Was the precision loss about high gas values outside of loops or their avoidance (which is the opposite)?

The consideration was that not resetting the counter would lead to precision loss at the code fragments located after a widening point.

What do you mean by widening between incoming edges? #1442 is in the solver and doesn't even know about different incoming edges, it can only see the joined values, so what's the difference?

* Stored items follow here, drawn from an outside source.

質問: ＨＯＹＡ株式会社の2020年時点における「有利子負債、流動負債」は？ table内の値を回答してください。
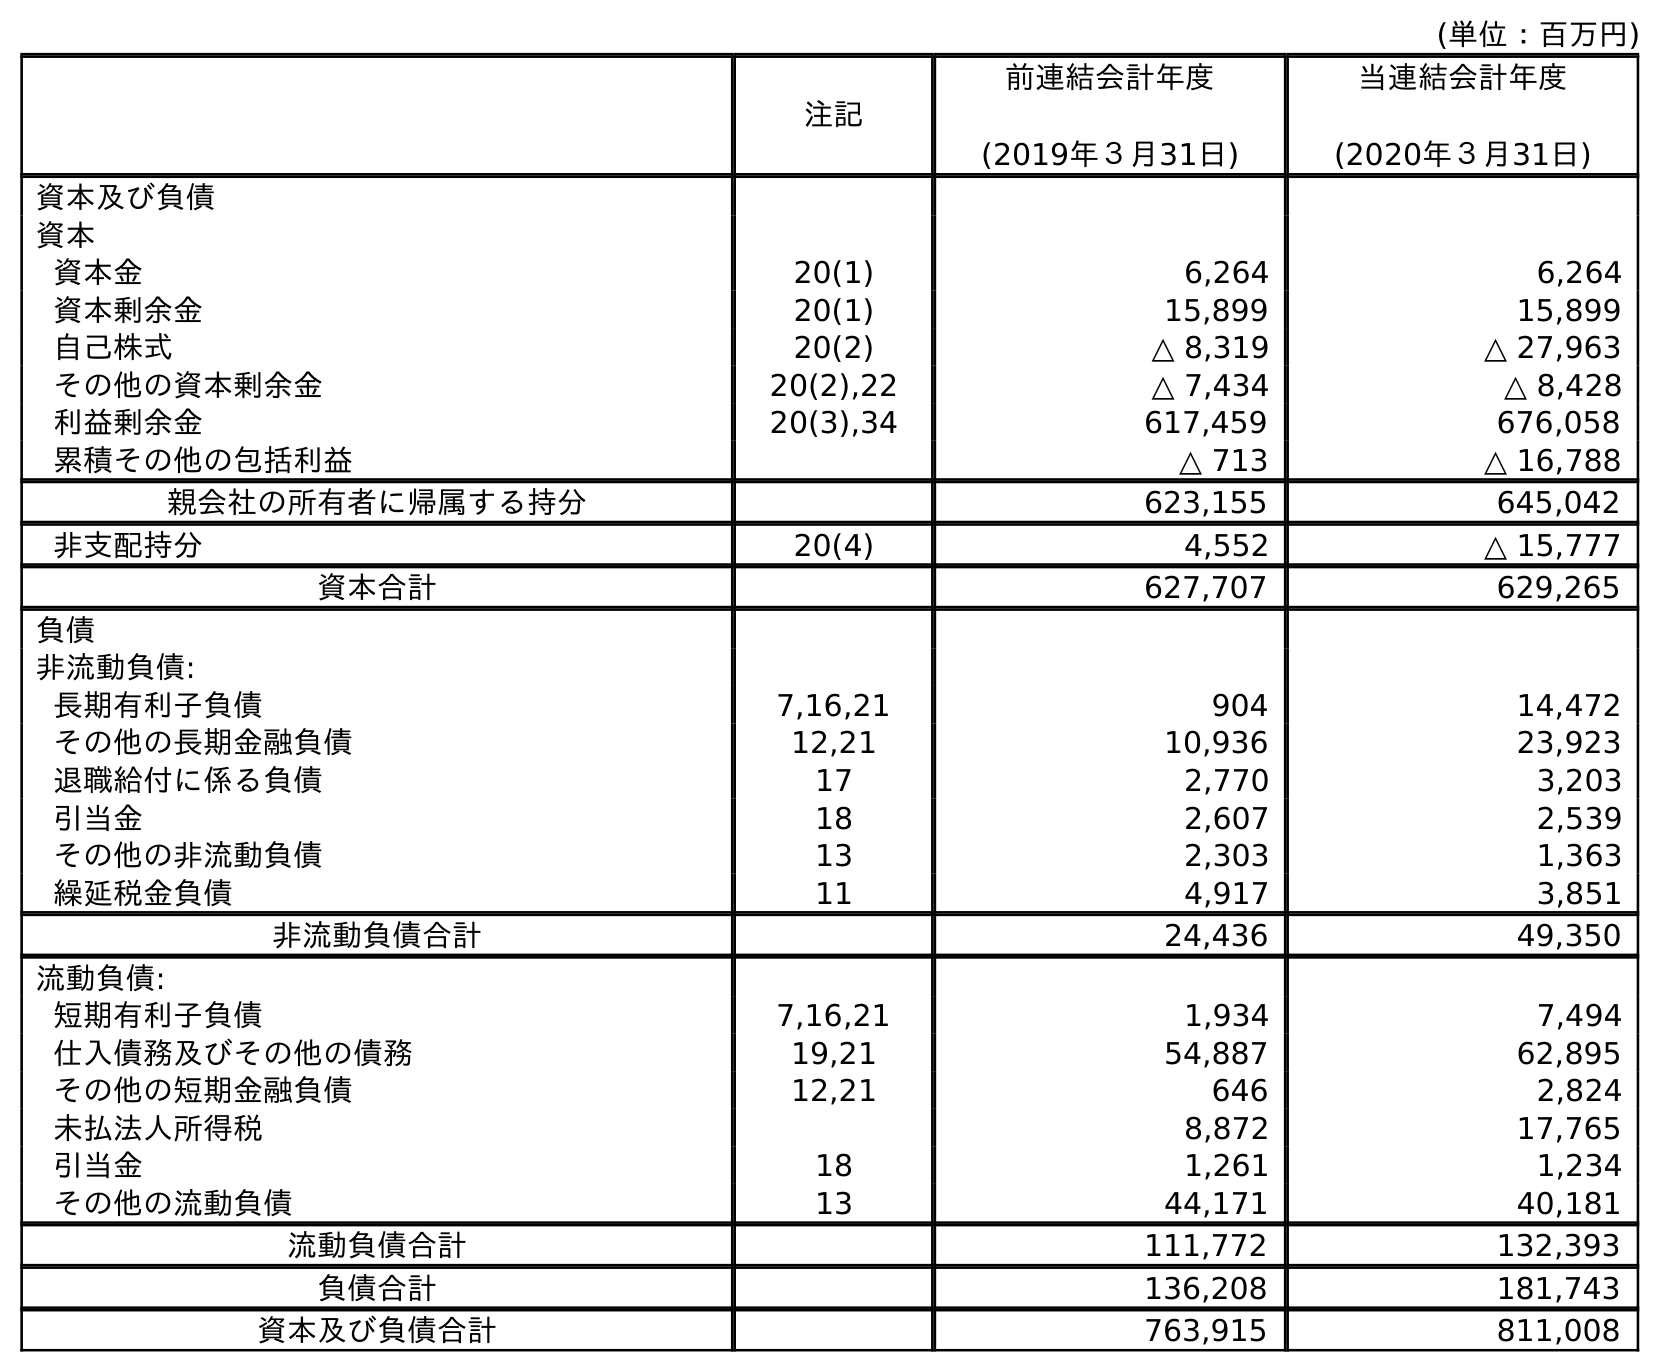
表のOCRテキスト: (単位：百万円) 注記 前連結会計年度 (2019年３月31日) 当連結会計年度 (2020年３月31日) 資本及び負債 資本 資本金 20(1) 6,264 6,264 資本剰余金 20(1) 15,899 15,899 自己株式 20(2) △ 8,319 △ 27,963 その他の資本剰余金 20(2),22 △ 7,434 △ 8,428 利益剰余金 20(3),34 617,459 676,058 累積その他の包括利益 △ 713 △ 16,788 親会社の所有者に帰属する持分 623,155 645,042 非支配持分 20(4) 4,552 △ 15,777 資本合計 627,707 629,265 負債 非流動負債: 長期有利子負債 7,16,21 904 14,472 その他の長期金融負債 12,21 10,936 23,923 退職給付に係る負債 17 2,770 3,203 引当金 18 2,607 2,539 その他の非流動負債 13 2,303 1,363 繰延税金負債 11 4,917 3,851 非流動負債合計 24,436 49,350 流動負債: 短期有利子負債 7,16,21 1,934 7,494 仕入債務及びその他の債務 19,21 54,887 62,895 その他の短期金融負債 12,21 646 2,824 未払法人所得税 8,872 17,765 引当金 18 1,261 1,234 その他の流動負債 13 44,171 40,181 流動負債合計 111,772 132,393 負債合計 136,208 181,743 資本及び負債合計 763,915 811,008
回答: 7,494
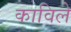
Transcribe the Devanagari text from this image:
काविले
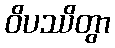
ဝိပဿိတွာ
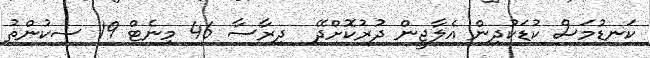
ކަނޑުމަސް ކުޑަކުދިން އެލާޖީން ދުރުކޮށްދޭ  ދިރާސާ 46 މިނެޓް 19 ސިކުންތު
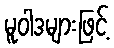
မူဝါဒများဖြင့်
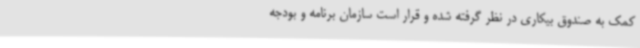
کمک به صندوق بیکاری در نظر گرفته شده و قرار است سازمان برنامه و بودجه
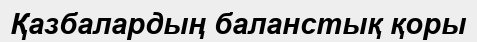
Қазбалардың баланстық қоры
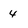
Character: 4
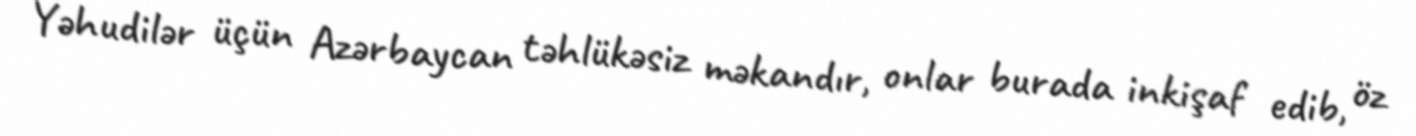
Yəhudilər üçün Azərbaycan təhlükəsiz məkandır, onlar burada inkişaf edib, öz
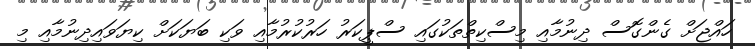
ހައްޖަށް ގެންގޮސް ދިނުމާއި މިސްކިތްތަކުގައި ސްޕީކަރު ހަރުކުރުމާއި ވަކި ބަޔަކަށް ކިޔަވައިދިނުމާއި މި
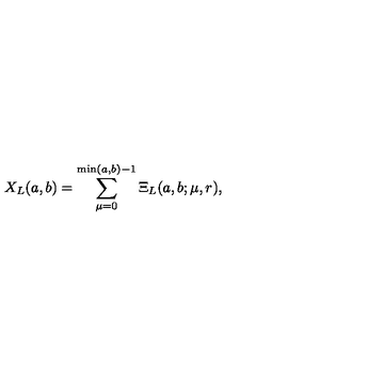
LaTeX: X _ { L } ( a , b ) = \sum _ { \mu = 0 } ^ { \min ( a , b ) - 1 } \Xi _ { L } ( a , b ; \mu , r ) ,
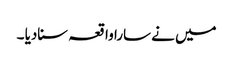
میں نے سارا واقعہ سنادیا ۔
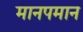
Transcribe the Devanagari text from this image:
मानपमान
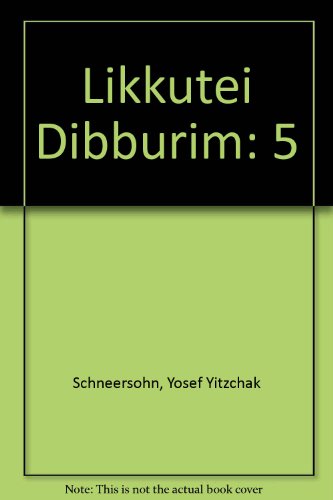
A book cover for Likkutei Dibburim; Yosef Yitzchak Schneersohn; Religion & Spirituality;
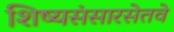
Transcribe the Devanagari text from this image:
शिष्यसंसारसेतवे
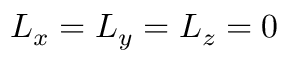
L _ { x } = L _ { y } = L _ { z } = 0
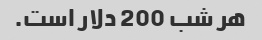
هر شب 200 دلار است.
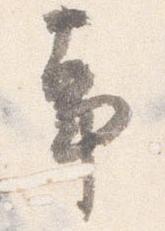
事
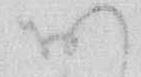
お
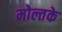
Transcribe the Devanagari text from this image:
मोल्तके
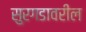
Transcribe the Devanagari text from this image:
सुरगडावरील
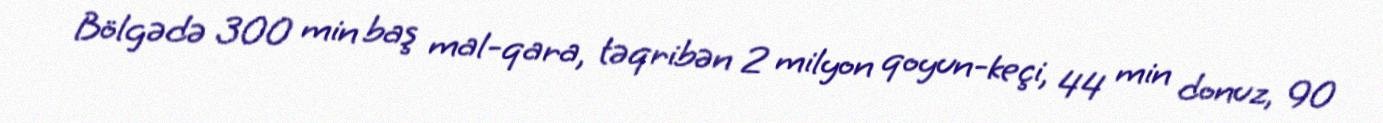
Bölgədə 300 min baş mal-qara, təqribən 2 milyon qoyun-keçi, 44 min donuz, 90
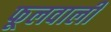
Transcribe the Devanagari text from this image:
फूलवाली
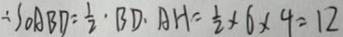
\therefore S _ { \Delta A B D } = \frac { 1 } { 2 } \cdot B D \cdot A H = \frac { 1 } { 2 } \times 6 \times 9 = 1 2
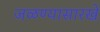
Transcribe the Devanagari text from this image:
जळण्यासारखे
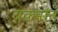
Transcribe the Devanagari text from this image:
बक्सान
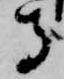
守
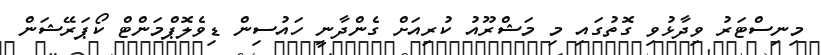
މިނިސްޓަރު ވިދާޅުވި ގޮތުގައި މި މަޝްރޫއު ކުރިއަށް ގެންދާނީ ހައުސިން ޑިވެލޮޕްމަންޓް ކޯޕަރޭޝަން
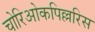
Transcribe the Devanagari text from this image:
चोरिओकपिल्लरिस
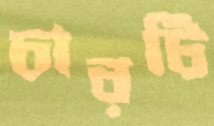
চারটি
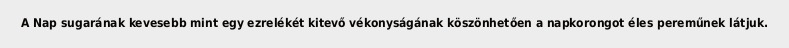
A Nap sugarának kevesebb mint egy ezrelékét kitevő vékonyságának köszönhetően a napkorongot éles pereműnek látjuk.
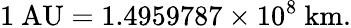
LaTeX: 1{\mathrm{~AU}}=1.4959787\times 10^{8}{\mathrm{~km}}.
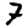
Digit: 7

This observation was not about a difference between #1442 and this. Rather it was an observation about what the solvers need to be fulfill for this to work (which TD3 does, but not necessarily all solvers must do). #1442 is integrated into one specific solver, so the question about what a solver must be like for it to work doesn't pose itself there.

[michael-schwarz]

@Red-Panda64 has some benchmarks here, where this seems to be worse when it comes to performance then #1442. Those might be of interest.

[Red-Panda64]

Well, yes, widening delay seems to be a bit slower. It times out 141 times where #1442 does not. Conversely, #1442 times out 10 times where widening delay does not.
Here are the plots comparing the unreach-call and valid-memsafety categories, where the majority of the difference was found.
#1442 is on the x-axis, #1483 on the y-axis.

unreach-call:

valid-memsafety:

The benchmarks ran on the same machine with specs:
Intel Xeon Platinum 8260 CPU @ 2.40GHz, cores: 96, frequency: 3900 MHz, Turbo Boost: enabled; RAM: 540649 MB
However, @stilscher said that bench-exec was slightly differently configured.

Anyway, it is good to see that both implementations agree on everything and produce the same new true results.